Start of Block
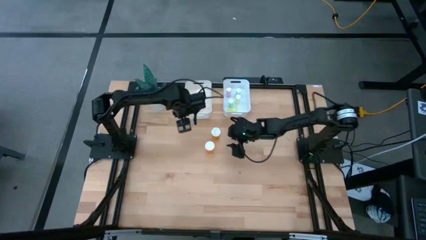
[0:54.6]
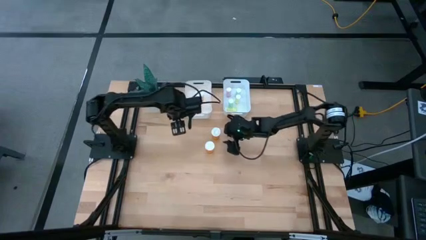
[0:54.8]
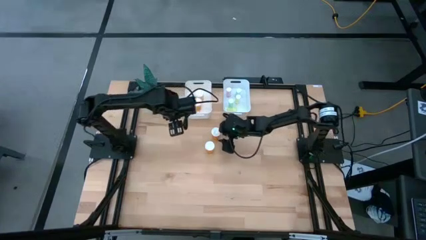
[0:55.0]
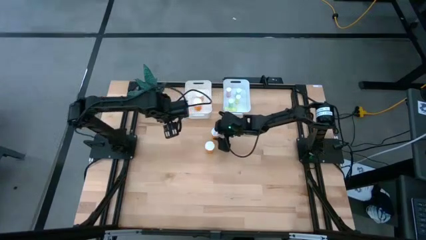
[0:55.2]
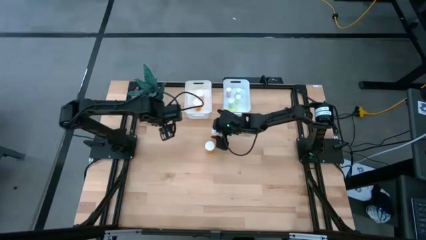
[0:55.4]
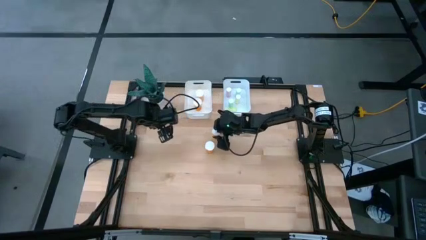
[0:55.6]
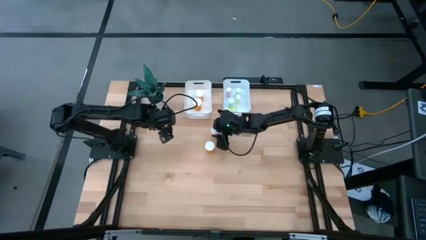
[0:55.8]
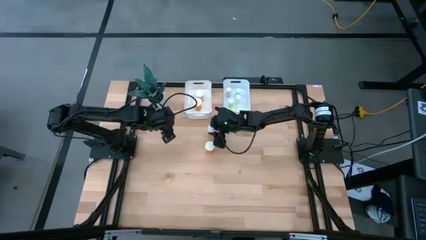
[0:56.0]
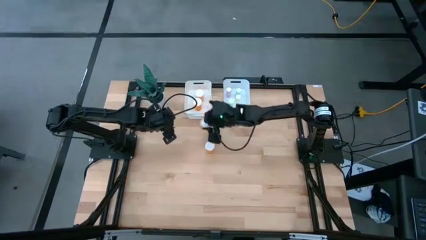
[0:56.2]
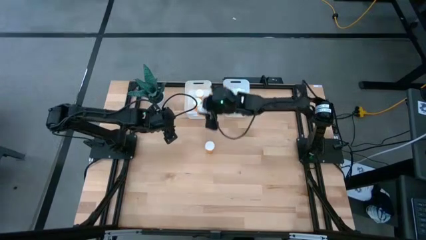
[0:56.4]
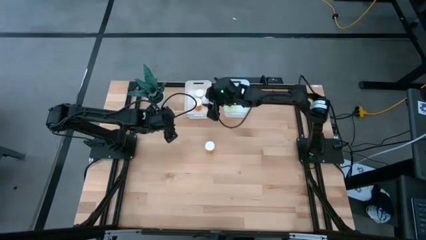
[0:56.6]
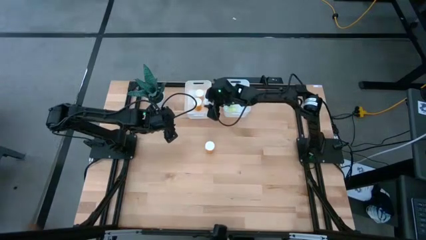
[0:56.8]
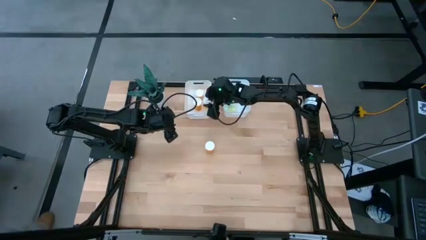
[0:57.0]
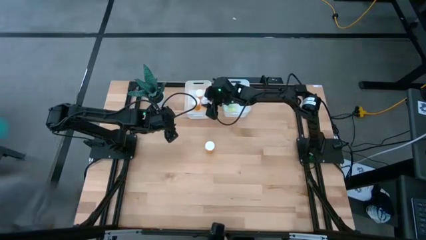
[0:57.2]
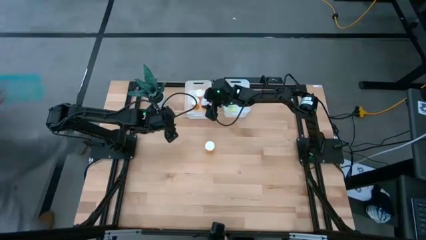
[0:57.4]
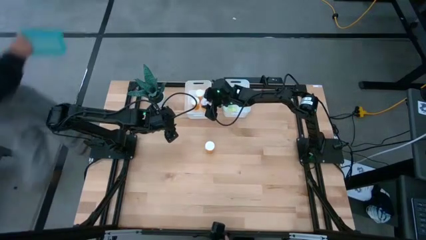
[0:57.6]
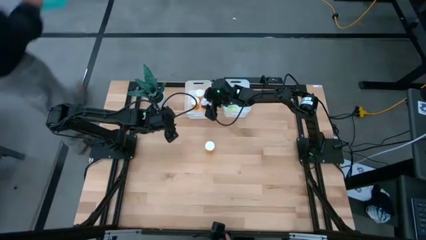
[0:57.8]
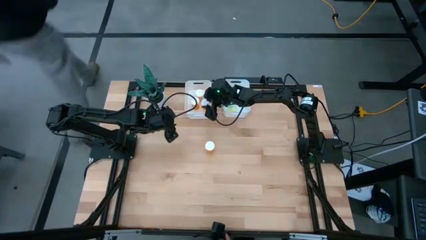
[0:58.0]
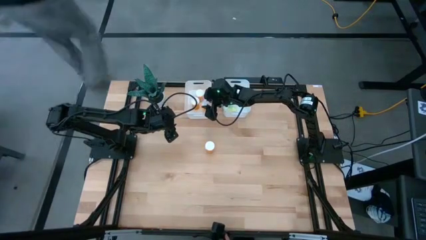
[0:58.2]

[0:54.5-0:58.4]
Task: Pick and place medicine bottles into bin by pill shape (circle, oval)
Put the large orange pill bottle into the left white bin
End of Block
Copy out the whole listing word for word, except for any picture it includes.

[0:54.6]
[0:54.8]
[0:55.0]
[0:55.2]
[0:55.4]
[0:55.6]
[0:55.8]
[0:56.0]
[0:56.2]
[0:56.4]
[0:56.6]
[0:56.8]
[0:57.0]
[0:57.2]
[0:57.4]
[0:57.6]
[0:57.8]
[0:58.0]
[0:58.2]

[0:54.5-0:58.4]
Task: Pick and place medicine bottles into bin by pill shape (circle, oval)
Put the large orange pill bottle into the left white bin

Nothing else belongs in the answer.